APUNTES DESORDENADOS PARA ADENTRO SOBRE LO QUE VIENE

Leyendo éste post de Abel Fernández en su blog, no podríamos estar más de acuerdo en punto a la necesidad de ir pensando en como ir dejando atrás el espacio de la autocrítica, para empezar a pensar en lo que viene en el país; porque ya está viniendo, a toda velocidad y no es para nada promisorio.


Lo que no significa que no haya nada que autocriticarse, o que no acordemos con los análisis que al respecto se pueden leer en la blogósfera del palo: desde la lectura incorrecta del 54 % de hace cuatro años hasta los errores de gestión del gobierno, pasando por el estilo de conducción y comunicación, el modo de resolución de la interna o las formas de organización y movilización del dispositivo político del hasta hoy oficialismo; todo es admisible y respetable como materia de debate interno, en la búsqueda de explicaciones a la derrota electoral.

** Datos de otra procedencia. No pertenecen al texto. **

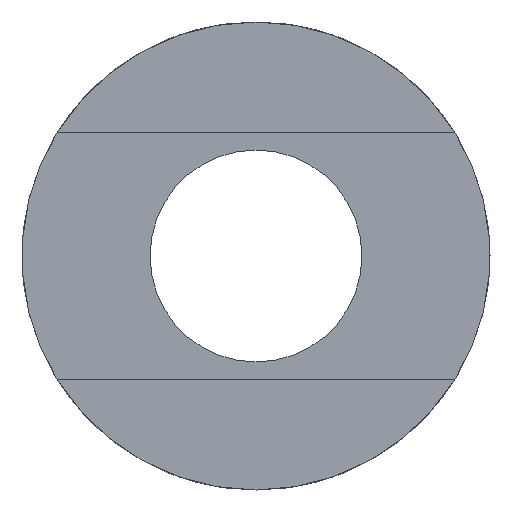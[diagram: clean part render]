
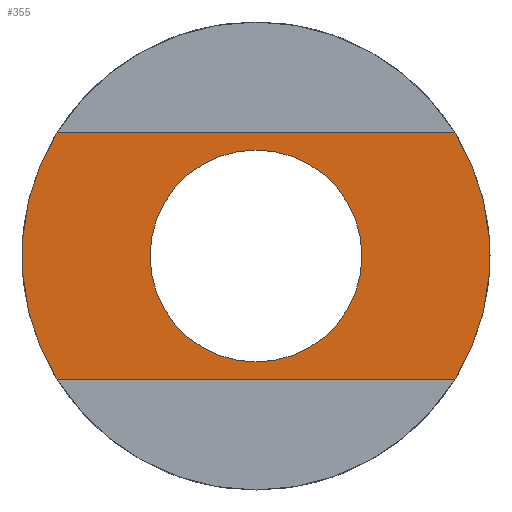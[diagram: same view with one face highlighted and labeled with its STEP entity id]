
A CAD part, front view. The second image highlights one B-rep face of the part: STEP entity #355.
In plain terms, the highlighted planar face has unit normal (0, -1, 0).
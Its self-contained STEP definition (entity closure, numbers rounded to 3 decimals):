
#9 = ORIENTED_EDGE ( 'NONE', *, *, #1375, .T. ) ;
#71 = AXIS2_PLACEMENT_3D ( 'NONE', #465, #1136, #1131 ) ;
#74 = VECTOR ( 'NONE', #828, 1000. ) ;
#99 = LINE ( 'NONE', #1789, #74 ) ;
#101 = CARTESIAN_POINT ( 'NONE',  ( 2.15, 0., 2.5 ) ) ;
#125 = AXIS2_PLACEMENT_3D ( 'NONE', #881, #987, #1244 ) ;
#150 = DIRECTION ( 'NONE',  ( -1., 0., 0. ) ) ;
#355 = ADVANCED_FACE ( 'NONE', ( #1134, #1116 ), #1302, .T. ) ;
#388 = EDGE_CURVE ( 'NONE', #885, #868, #1104, .T. ) ;
#401 = EDGE_CURVE ( 'NONE', #1062, #1201, #1059, .T. ) ;
#417 = DIRECTION ( 'NONE',  ( 0., 0., -1. ) ) ;
#422 = DIRECTION ( 'NONE',  ( 0., 1., 0. ) ) ;
#424 = CARTESIAN_POINT ( 'NONE',  ( 0., 0., 0. ) ) ;
#438 = ORIENTED_EDGE ( 'NONE', *, *, #401, .F. ) ;
#452 = CIRCLE ( 'NONE', #125, 2.15 ) ;
#465 = CARTESIAN_POINT ( 'NONE',  ( 0., 0., 0. ) ) ;
#498 = EDGE_LOOP ( 'NONE', ( #1859, #9 ) ) ;
#500 = EDGE_CURVE ( 'NONE', #1062, #1718, #1003, .T. ) ;
#525 = AXIS2_PLACEMENT_3D ( 'NONE', #660, #663, #1407 ) ;
#531 = CARTESIAN_POINT ( 'NONE',  ( 4.039, 0., -2.5 ) ) ;
#575 = CIRCLE ( 'NONE', #842, 4.75 ) ;
#595 = DIRECTION ( 'NONE',  ( 0., 0., -1. ) ) ;
#597 = DIRECTION ( 'NONE',  ( 0., 1., 0. ) ) ;
#599 = CARTESIAN_POINT ( 'NONE',  ( 0., 0., 0. ) ) ;
#660 = CARTESIAN_POINT ( 'NONE',  ( 2.15, 0., 0. ) ) ;
#663 = DIRECTION ( 'NONE',  ( 0., -1., 0. ) ) ;
#679 = CARTESIAN_POINT ( 'NONE',  ( 4.039, 0., 2.5 ) ) ;
#800 = CARTESIAN_POINT ( 'NONE',  ( -4.039, 0., 2.5 ) ) ;
#828 = DIRECTION ( 'NONE',  ( 1., 0., 0. ) ) ;
#842 = AXIS2_PLACEMENT_3D ( 'NONE', #599, #597, #595 ) ;
#868 = VERTEX_POINT ( 'NONE', #1210 ) ;
#880 = CARTESIAN_POINT ( 'NONE',  ( -4.039, 0., -2.5 ) ) ;
#881 = CARTESIAN_POINT ( 'NONE',  ( 0., 0., 0. ) ) ;
#885 = VERTEX_POINT ( 'NONE', #1228 ) ;
#928 = EDGE_LOOP ( 'NONE', ( #1904, #1049, #2051, #438 ) ) ;
#983 = VECTOR ( 'NONE', #150, 1000. ) ;
#987 = DIRECTION ( 'NONE',  ( 0., 1., 0. ) ) ;
#1003 = LINE ( 'NONE', #101, #983 ) ;
#1049 = ORIENTED_EDGE ( 'NONE', *, *, #1133, .F. ) ;
#1059 = CIRCLE ( 'NONE', #1096, 4.75 ) ;
#1062 = VERTEX_POINT ( 'NONE', #679 ) ;
#1096 = AXIS2_PLACEMENT_3D ( 'NONE', #424, #422, #417 ) ;
#1104 = CIRCLE ( 'NONE', #71, 2.15 ) ;
#1116 = FACE_OUTER_BOUND ( 'NONE', #928, .T. ) ;
#1131 = DIRECTION ( 'NONE',  ( 0., 0., -1. ) ) ;
#1133 = EDGE_CURVE ( 'NONE', #1703, #1718, #575, .T. ) ;
#1134 = FACE_BOUND ( 'NONE', #498, .T. ) ;
#1136 = DIRECTION ( 'NONE',  ( 0., 1., 0. ) ) ;
#1201 = VERTEX_POINT ( 'NONE', #531 ) ;
#1210 = CARTESIAN_POINT ( 'NONE',  ( 0., 0., 2.15 ) ) ;
#1228 = CARTESIAN_POINT ( 'NONE',  ( 0., 0., -2.15 ) ) ;
#1244 = DIRECTION ( 'NONE',  ( 0., 0., -1. ) ) ;
#1302 = PLANE ( 'NONE',  #525 ) ;
#1375 = EDGE_CURVE ( 'NONE', #868, #885, #452, .T. ) ;
#1407 = DIRECTION ( 'NONE',  ( 0., 0., -1. ) ) ;
#1703 = VERTEX_POINT ( 'NONE', #880 ) ;
#1718 = VERTEX_POINT ( 'NONE', #800 ) ;
#1789 = CARTESIAN_POINT ( 'NONE',  ( 2.15, 0., -2.5 ) ) ;
#1859 = ORIENTED_EDGE ( 'NONE', *, *, #388, .T. ) ;
#1904 = ORIENTED_EDGE ( 'NONE', *, *, #500, .T. ) ;
#1930 = EDGE_CURVE ( 'NONE', #1703, #1201, #99, .T. ) ;
#2051 = ORIENTED_EDGE ( 'NONE', *, *, #1930, .T. ) ;
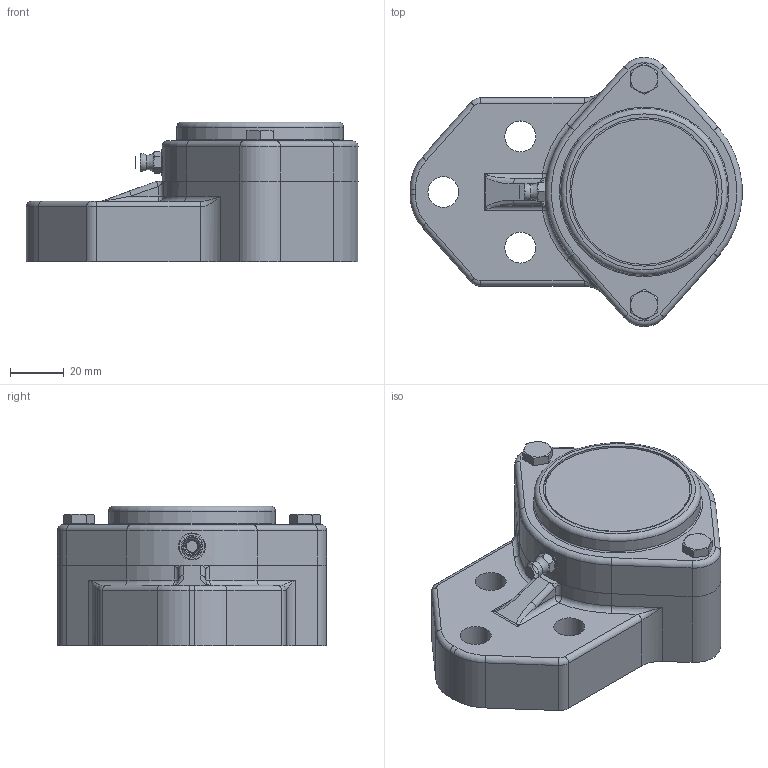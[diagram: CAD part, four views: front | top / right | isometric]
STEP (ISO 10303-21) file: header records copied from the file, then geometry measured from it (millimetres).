
FILE_DESCRIPTION(/* description */ (''),/* implementation_level */ '2;1');
FILE_NAME(/* name */ 'NG25-FBL30.stp',/* time_stamp */ '2019-12-13T10:28:40+01:00',/* author */ ('fje'),/* organization */ (''),/* preprocessor_version */ 'ST-DEVELOPER v17',/* originating_system */ 'Autodesk Inventor 2018',/* authorisation */ '');
FILE_SCHEMA (('CONFIG_CONTROL_DESIGN'));
Length unit declared in the file: millimetre
Products named in the file (1): Part11
Bounding box: 123.38 x 100 x 52 mm (x, y, z)
Volume: 251620.6 mm3; surface area: 86066.3 mm2
Topology: 17 solids, 19 shells, 379 faces, 957 edges, 633 vertices
Faces by surface type: plane 156, cylinder 115, cone 55, torus 36, bspline 10, sphere 7
Full cylindrical faces by diameter (mm): 2.4 x1, 3 x4, 4.917 x2, 5.459 x2, 6 x4, 6.5 x2, 7 x4, 7.8 x4, 8 x1, 8.7 x2, 9 x3, 10 x1, 11.5 x3, 25 x2, 29.2 x1, 30.5 x2, 31.5 x1, 32.87 x2, 34 x1, 34.45 x1, 35 x2, 37.5 x1, 42.35 x1, 43.93 x4, 54 x2, 55.2 x1, 60.5 x2, 62 x4, 67 x1, 69.8 x1
Entity records: 12994 total; most frequent: CARTESIAN_POINT 3098, DIRECTION 2052, ORIENTED_EDGE 1910, EDGE_CURVE 955, AXIS2_PLACEMENT_3D 837, VERTEX_POINT 655, CIRCLE 459, EDGE_LOOP 457

Teniendo en cuenta que además de las discusiones que se vienen dando “en la base”, los dirigentes juegan su propio partido y comienzan los pases de facturas y los previsibles posicionamientos a futuro, sea para disputar liderazgos en el peronismo, o buscar su propio espacio en el marco de los “acuerdos de gobernabilidad” con el macrismo.

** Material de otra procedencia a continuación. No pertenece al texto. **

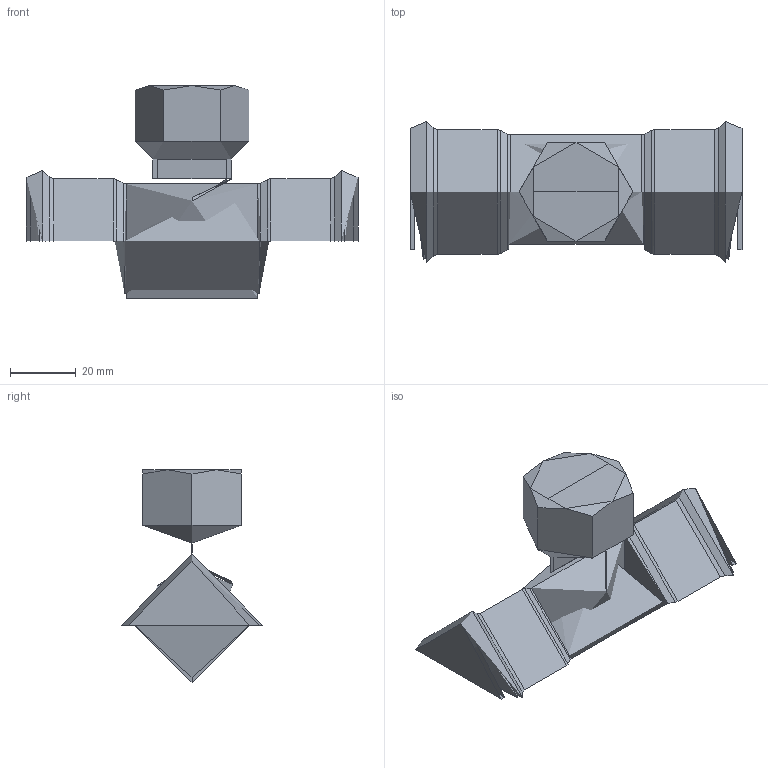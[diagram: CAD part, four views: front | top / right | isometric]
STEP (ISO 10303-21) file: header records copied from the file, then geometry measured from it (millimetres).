
FILE_DESCRIPTION(('FreeCAD Model'),'2;1');
FILE_NAME('Open CASCADE Shape Model','2025-10-20T15:00:39',('Author'),( ''),'Open CASCADE STEP processor 7.8','FreeCAD','Unknown');
FILE_SCHEMA(('AUTOMOTIVE_DESIGN { 1 0 10303 214 1 1 1 1 }'));
Length unit declared in the file: millimetre
Products named in the file (7): Unnamed108; COMPOUND; COMPOUND001; X-Achse; XY-Ebene; COMPOUND002; COMPOUND003
Assembly tree (18 placements, depth 3):
  Unnamed108
    COMPOUND
    COMPOUND001
      COMPOUND
    X-Achse  x6
    XY-Ebene  x6
    COMPOUND002
    COMPOUND003
      COMPOUND002
Bounding box: 101 x 42.94 x 64.7 mm (x, y, z)
Volume: 50733.6 mm3; surface area: 60132.5 mm2
Topology: 4 solids, 4 shells, 112 faces, 354 edges, 250 vertices
Faces by surface type: bspline 112
Entity records: 2995 total; most frequent: CARTESIAN_POINT 1882, ORIENTED_EDGE 348, EDGE_CURVE 174, VERTEX_POINT 125, FACE_BOUND 65, EDGE_LOOP 65, ADVANCED_FACE 56, DIRECTION 39
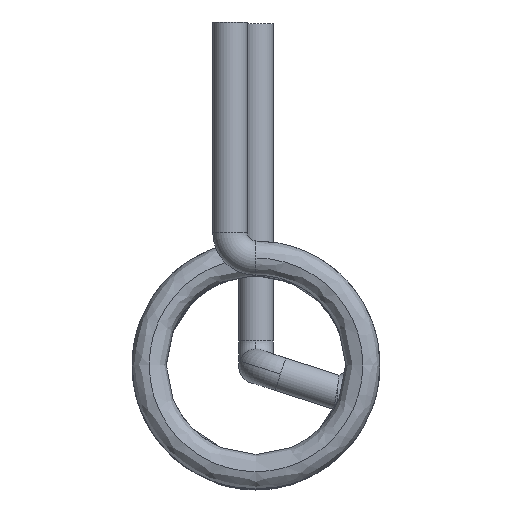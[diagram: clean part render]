
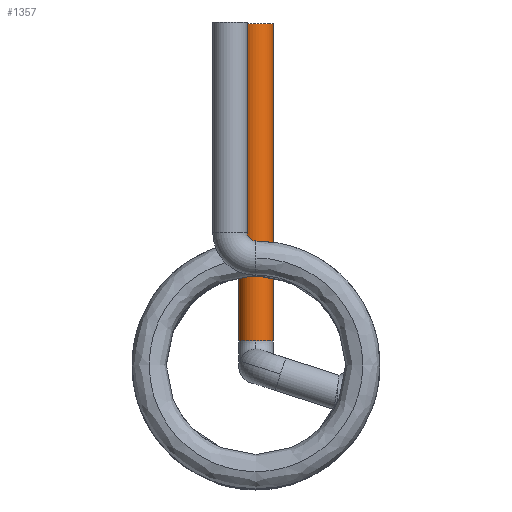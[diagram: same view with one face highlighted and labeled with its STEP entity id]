
A CAD part, top view. The second image highlights one B-rep face of the part: STEP entity #1357.
In plain terms, the highlighted cylindrical face has radius 0.4 mm (diameter 0.8 mm), a partial arc.
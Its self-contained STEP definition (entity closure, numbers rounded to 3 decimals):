
#72 = ORIENTED_EDGE ( 'NONE', *, *, #3246, .T. ) ;
#120 = DIRECTION ( 'NONE',  ( 0., 1., 0. ) ) ;
#192 = CARTESIAN_POINT ( 'NONE',  ( 0.4, 0.6, -6.01 ) ) ;
#194 = CIRCLE ( 'NONE', #2182, 0.4 ) ;
#199 = CYLINDRICAL_SURFACE ( 'NONE', #397, 0.4 ) ;
#397 = AXIS2_PLACEMENT_3D ( 'NONE', #3005, #3123, #3017 ) ;
#433 = DIRECTION ( 'NONE',  ( 0., 1., 0. ) ) ;
#615 = CIRCLE ( 'NONE', #2767, 0.4 ) ;
#742 = CARTESIAN_POINT ( 'NONE',  ( 0., 0.6, -6.01 ) ) ;
#993 = CARTESIAN_POINT ( 'NONE',  ( 0., 0.6, -5.61 ) ) ;
#1014 = CARTESIAN_POINT ( 'NONE',  ( -0.4, 0.6, -6.01 ) ) ;
#1045 = DIRECTION ( 'NONE',  ( 0., 0., 1. ) ) ;
#1135 = VERTEX_POINT ( 'NONE', #2395 ) ;
#1162 = EDGE_CURVE ( 'NONE', #1587, #1135, #3525, .T. ) ;
#1167 = VECTOR ( 'NONE', #2090, 1000. ) ;
#1175 = ORIENTED_EDGE ( 'NONE', *, *, #3811, .T. ) ;
#1300 = EDGE_LOOP ( 'NONE', ( #1175, #72, #3664, #2980, #3018 ) ) ;
#1357 = ADVANCED_FACE ( 'NONE', ( #1767 ), #199, .T. ) ;
#1587 = VERTEX_POINT ( 'NONE', #192 ) ;
#1725 = DIRECTION ( 'NONE',  ( 0., 1., 0. ) ) ;
#1767 = FACE_OUTER_BOUND ( 'NONE', #1300, .T. ) ;
#1880 = CARTESIAN_POINT ( 'NONE',  ( 0., 0.6, -6.01 ) ) ;
#1951 = EDGE_CURVE ( 'NONE', #3062, #1135, #615, .T. ) ;
#2090 = DIRECTION ( 'NONE',  ( 0., 1., 0. ) ) ;
#2103 = CARTESIAN_POINT ( 'NONE',  ( 0.4, 0.6, -6.01 ) ) ;
#2170 = DIRECTION ( 'NONE',  ( 0., 0., 1. ) ) ;
#2182 = AXIS2_PLACEMENT_3D ( 'NONE', #1880, #120, #2170 ) ;
#2395 = CARTESIAN_POINT ( 'NONE',  ( 0.4, 8., -6.01 ) ) ;
#2541 = EDGE_CURVE ( 'NONE', #3484, #3062, #3796, .T. ) ;
#2767 = AXIS2_PLACEMENT_3D ( 'NONE', #3498, #1725, #3790 ) ;
#2806 = DIRECTION ( 'NONE',  ( 0., 1., 0. ) ) ;
#2980 = ORIENTED_EDGE ( 'NONE', *, *, #1951, .F. ) ;
#2982 = AXIS2_PLACEMENT_3D ( 'NONE', #742, #2806, #1045 ) ;
#3005 = CARTESIAN_POINT ( 'NONE',  ( 0., 0.6, -6.01 ) ) ;
#3008 = VECTOR ( 'NONE', #433, 1000. ) ;
#3017 = DIRECTION ( 'NONE',  ( -1., 0., 0. ) ) ;
#3018 = ORIENTED_EDGE ( 'NONE', *, *, #2541, .F. ) ;
#3053 = CIRCLE ( 'NONE', #2982, 0.4 ) ;
#3062 = VERTEX_POINT ( 'NONE', #3611 ) ;
#3123 = DIRECTION ( 'NONE',  ( 0., 1., 0. ) ) ;
#3246 = EDGE_CURVE ( 'NONE', #3340, #1587, #194, .T. ) ;
#3340 = VERTEX_POINT ( 'NONE', #993 ) ;
#3484 = VERTEX_POINT ( 'NONE', #3663 ) ;
#3498 = CARTESIAN_POINT ( 'NONE',  ( 0., 8., -6.01 ) ) ;
#3525 = LINE ( 'NONE', #2103, #1167 ) ;
#3611 = CARTESIAN_POINT ( 'NONE',  ( -0.4, 8., -6.01 ) ) ;
#3663 = CARTESIAN_POINT ( 'NONE',  ( -0.4, 0.6, -6.01 ) ) ;
#3664 = ORIENTED_EDGE ( 'NONE', *, *, #1162, .T. ) ;
#3790 = DIRECTION ( 'NONE',  ( 0., 0., 1. ) ) ;
#3796 = LINE ( 'NONE', #1014, #3008 ) ;
#3811 = EDGE_CURVE ( 'NONE', #3484, #3340, #3053, .T. ) ;

Y también que tanto en la base como en las cúpulas están al orden del día los pases de facturas por las responsabilidades en la derrota, incluyendo las notorias “borradas” de algunos dirigentes que creyeron que de ese modo se salvaban del incendio; y que claramente no estuvieron a la altura de las circunstancias.

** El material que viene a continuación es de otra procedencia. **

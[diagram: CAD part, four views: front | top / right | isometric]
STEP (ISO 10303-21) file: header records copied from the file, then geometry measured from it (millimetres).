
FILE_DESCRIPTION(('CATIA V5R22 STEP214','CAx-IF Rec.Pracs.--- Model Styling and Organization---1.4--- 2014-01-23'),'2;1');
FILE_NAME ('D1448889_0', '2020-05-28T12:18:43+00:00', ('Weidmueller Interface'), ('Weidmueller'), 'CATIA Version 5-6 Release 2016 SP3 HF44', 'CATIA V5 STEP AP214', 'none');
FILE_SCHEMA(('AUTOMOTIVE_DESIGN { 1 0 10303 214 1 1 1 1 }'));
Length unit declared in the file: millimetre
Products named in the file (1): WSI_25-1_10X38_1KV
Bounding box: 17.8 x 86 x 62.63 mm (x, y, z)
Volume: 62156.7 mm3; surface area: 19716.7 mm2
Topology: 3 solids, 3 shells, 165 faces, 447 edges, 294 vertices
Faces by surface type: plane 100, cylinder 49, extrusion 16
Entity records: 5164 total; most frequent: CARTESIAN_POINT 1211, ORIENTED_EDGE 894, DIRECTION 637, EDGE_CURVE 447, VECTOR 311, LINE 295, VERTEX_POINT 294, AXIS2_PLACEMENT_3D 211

Pero así como el resultado impone revisar actitudes, estrategias y discursos, los números finales de la elección (que mostraron una diferencia del 2,68 % en el escrutinio definitivo) demuestran que medio país concuerda en líneas generales con el rumbo que tuvo el país desde el 2003 para acá (al menos en más de un 37 % de los votos), y otro porcentaje nada desdeñable puso en la balanza los aciertos y los errores del kirchnerismo en el gobierno, y los peligros que implicaba el “cambio”, y que ya están a la vista; confirmando lo que se intentó desacreditar como “campaña del miedo”.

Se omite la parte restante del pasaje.